Abstract
1187
Objectives: Dynamic modeling is an important method to quantify metabolic processes using 18F-fluorodeoxyglucose positron emission tomography (18F-FDG-PET). For liver studies, a tracer is supplied to entire liver vascular anatomic regions by both the hepatic artery (HA) and the portal vein (PV). The standard modeling using the artery blood input cannot reflect its true time domain delay and scattering of the portal vein input. Our study is to develop an improved dynamic modeling system to quantify the liver tracer kinetics in damaged hepatic vascular lesions.
Methods: The time-activity curve (TAC) was created based the drawn region of interest (ROI) in different organs (Fig 1.A) of patient using co-registration images of PET/CT. Portal vein tracer concentration was estimated according to the time domain delay and scattering of the tracer signal of the hepatic artery and corrected by the measurements of gut radioactivity. Our improved dynamic model considered two pools: input1 (CHA(t)) from the hepatic artery, which was acquired from the TAC of aorta, and input2 (CPA(t)) from the portal vein, which was corrected by gut radioactivity (Cgut(t)) (Fig 1.B). The TACs of different regions were used to estimate the parameter of the model by the equations in Fig 1.C. According to the metabolic characteristics of 18F-FDG, the model of 18F-FDG metabolism includes the 3 rate constants (K1, K2, and K3), where K1 represents the transfer constant 18F-FDG for blood-to-cell; K2 represents the transfer constant 18F-FDG for cell-to-blood; K3 represents the transfer constant for 18F-FDG to 18F-FDG-6P. Finally, we define the metabolic parameter Ki=K1K3/(K2 +K3) to represent the overall metabolic rate of the liver. The Ki values between the healthy liver and tumors vascular nodules were compared. At the end, the deep learning methodology was applied for those TACs to improve the quality of the goodness of fitting.

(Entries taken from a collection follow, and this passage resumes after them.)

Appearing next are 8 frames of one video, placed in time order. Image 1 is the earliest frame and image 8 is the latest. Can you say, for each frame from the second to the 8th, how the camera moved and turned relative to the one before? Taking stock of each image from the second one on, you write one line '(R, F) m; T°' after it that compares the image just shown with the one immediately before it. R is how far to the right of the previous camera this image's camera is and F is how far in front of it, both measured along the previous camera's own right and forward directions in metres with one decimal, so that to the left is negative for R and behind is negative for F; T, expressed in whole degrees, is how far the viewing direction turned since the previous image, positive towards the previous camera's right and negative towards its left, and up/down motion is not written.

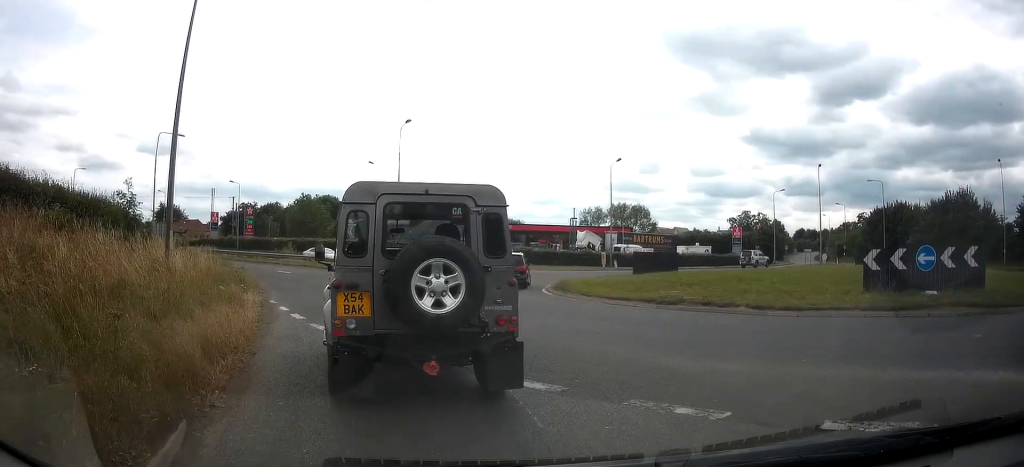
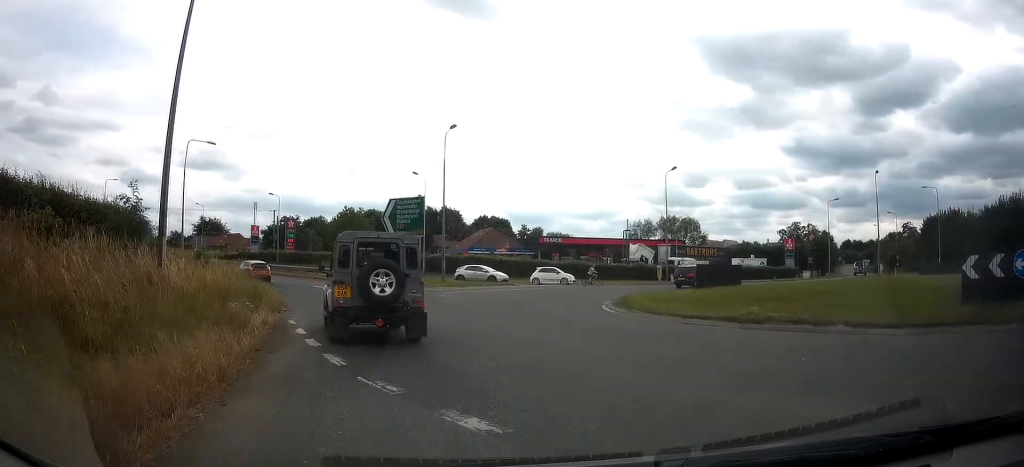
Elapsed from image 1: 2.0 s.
(+0.1, +1.6) m; 0°
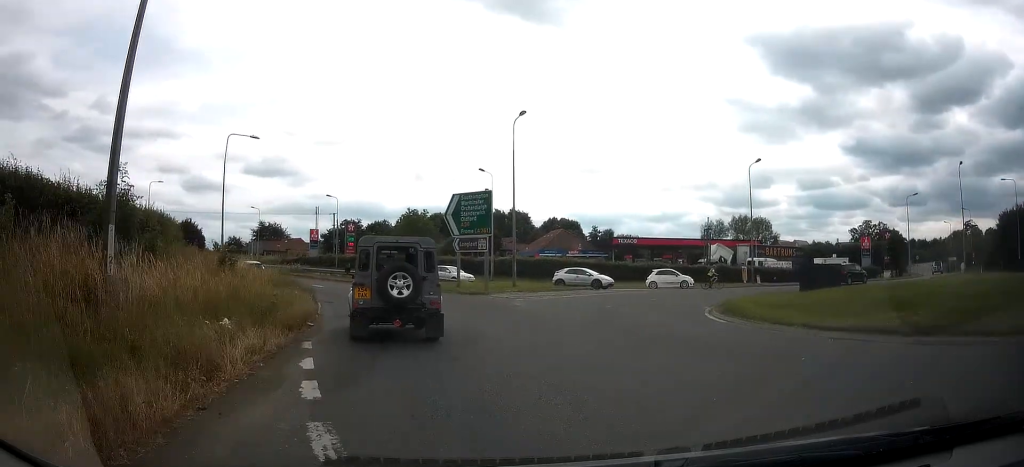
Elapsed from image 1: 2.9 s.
(+0.1, +1.1) m; -3°
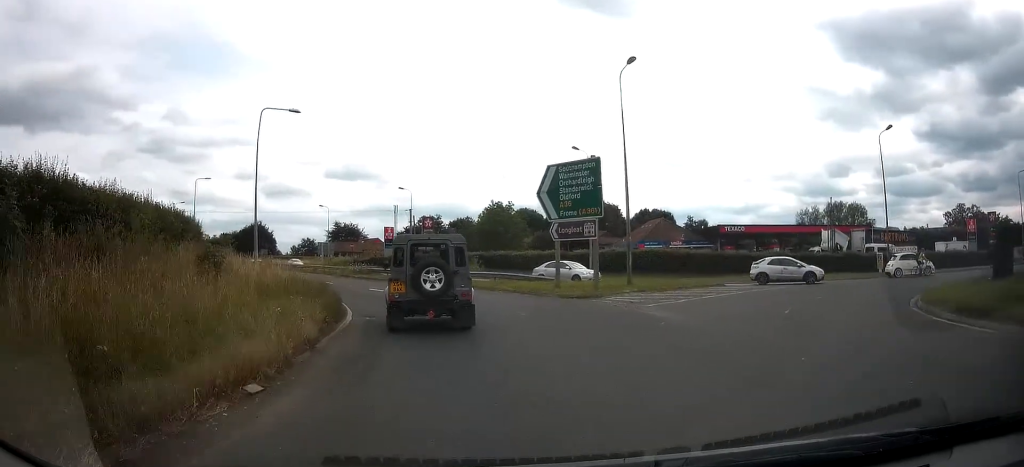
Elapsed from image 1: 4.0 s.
(-0.2, +4.3) m; -3°
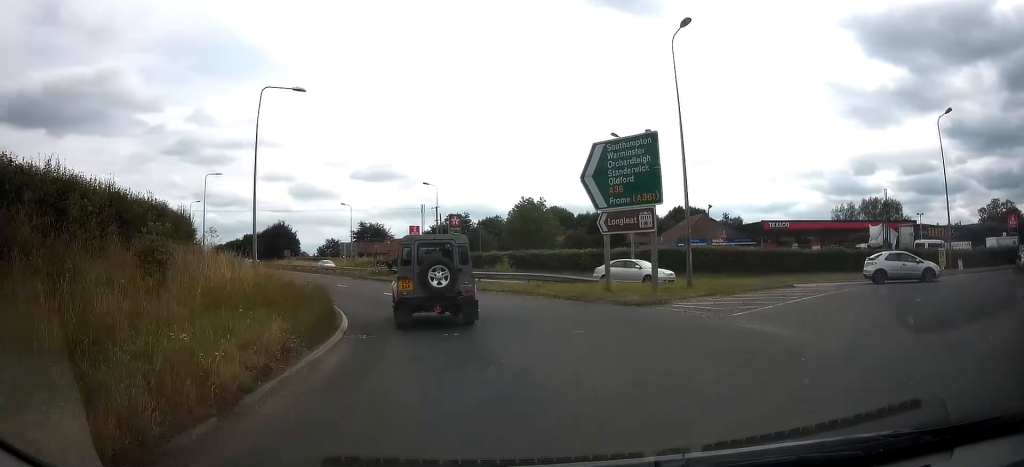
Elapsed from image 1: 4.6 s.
(0.0, +4.0) m; 0°
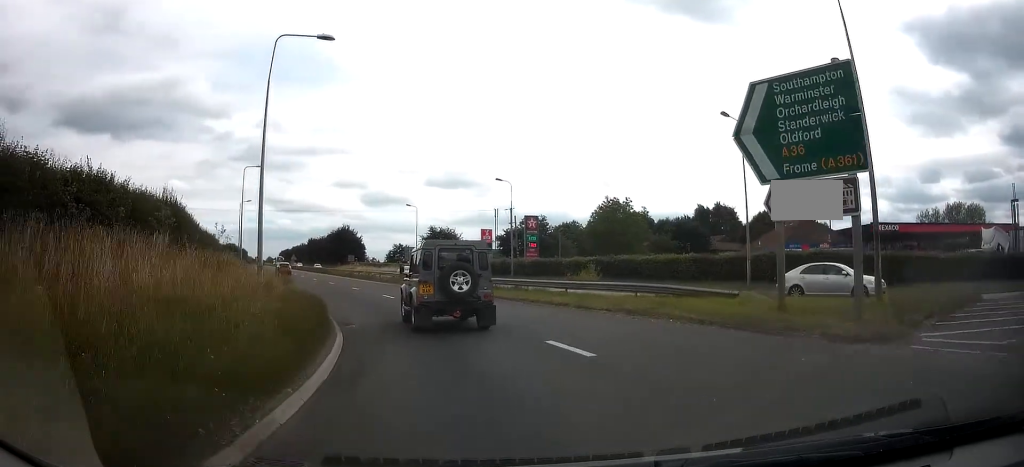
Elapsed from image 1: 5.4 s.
(0.0, +7.9) m; -3°
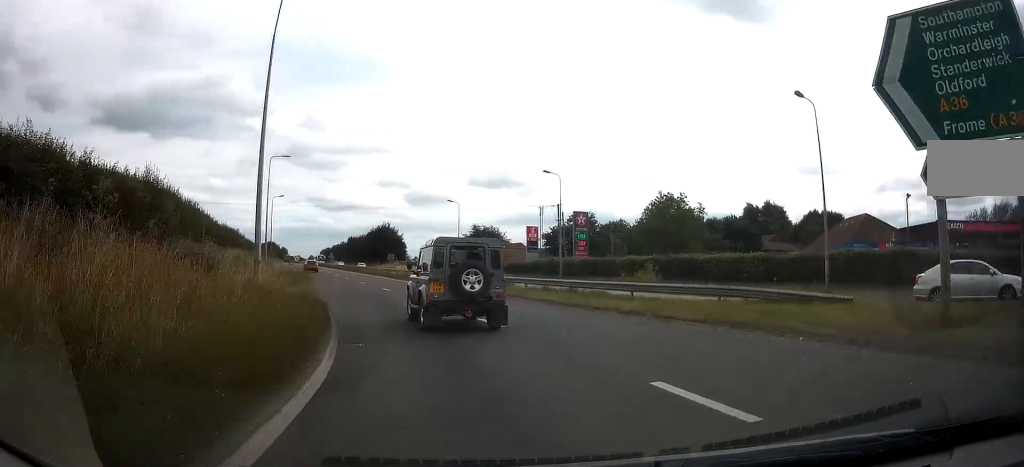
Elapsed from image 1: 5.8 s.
(+0.2, +4.2) m; -3°
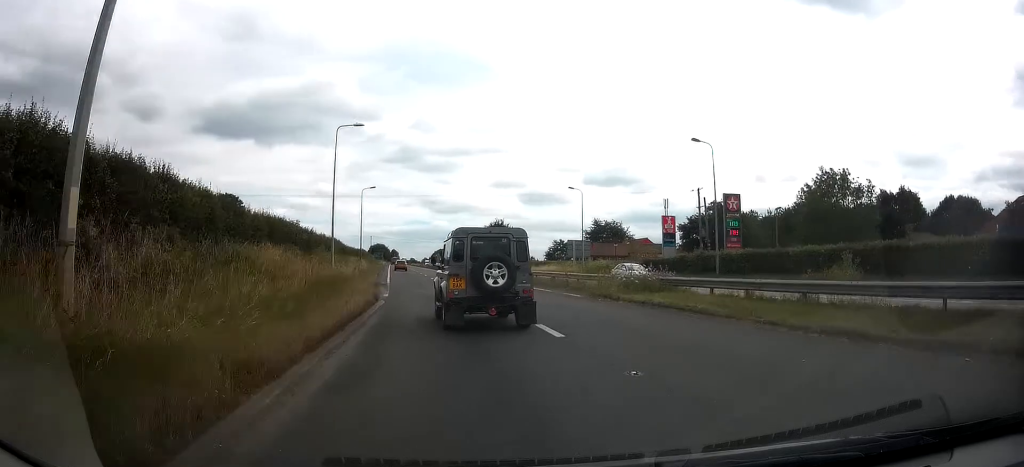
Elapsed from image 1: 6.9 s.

Results: The modified dual input function of 20 TACs of different regional ROIs from a liver cancer patient showed improved curve fitting by coefficient of variation (CV), for instance in 2TCM, the K1 value of the malignant vascular nodule is reduced from 3.09% to 0.63%, while the mean value of K1 remain the similar level (Table 1). These findings validated the improved model-based estimation of the dual input for two-tissue compartment model (2TCM) to get realistic data modeling. The peak of the dual input was delayed 30 seconds compared to the aortic input indicated that the time domain delay from the dual input is more realistic for liver vascular system (Fig 2). Regarding model selection between 2TCM and 1TCM, the CV% value were much smaller in 2TCM (0.63% vs 4.84%, Table 1), therefore, Ki values in the liver malignant and healthy vascular nodules were analyzed based on 2TCM. And the results suggested that Ki values of the malignant vascular nodules were significantly higher than the healthy liver vascular nodules (0.52 ± 0.080 vs 0.007 ± 0.002) (Table 2). Simultaneously, Ki values in the tumor bed were analyzed (the malignant vascular nodules were cut off for one year, male,62), the results show that the Ki values of the tumor bed were similar to the healthy liver vascular nodules (0.054 ± 0.006 vs 0.035 ± 0.012) (Table 3).
Conclusions: This study provided an improved dynamic model with dual input function, which has been well-fitted with the original 18F-FDG-PET dynamic data from a liver cancer patient. This dynamic model has been proved to be a quantitative method to distinguish the healthy liver vascular nodules from malignant vascular nodule. This new modeling method deserves further analysis with large amount patients to validate its function for quantifying the liver tracer kinetics in damaged hepatic vascular lesions.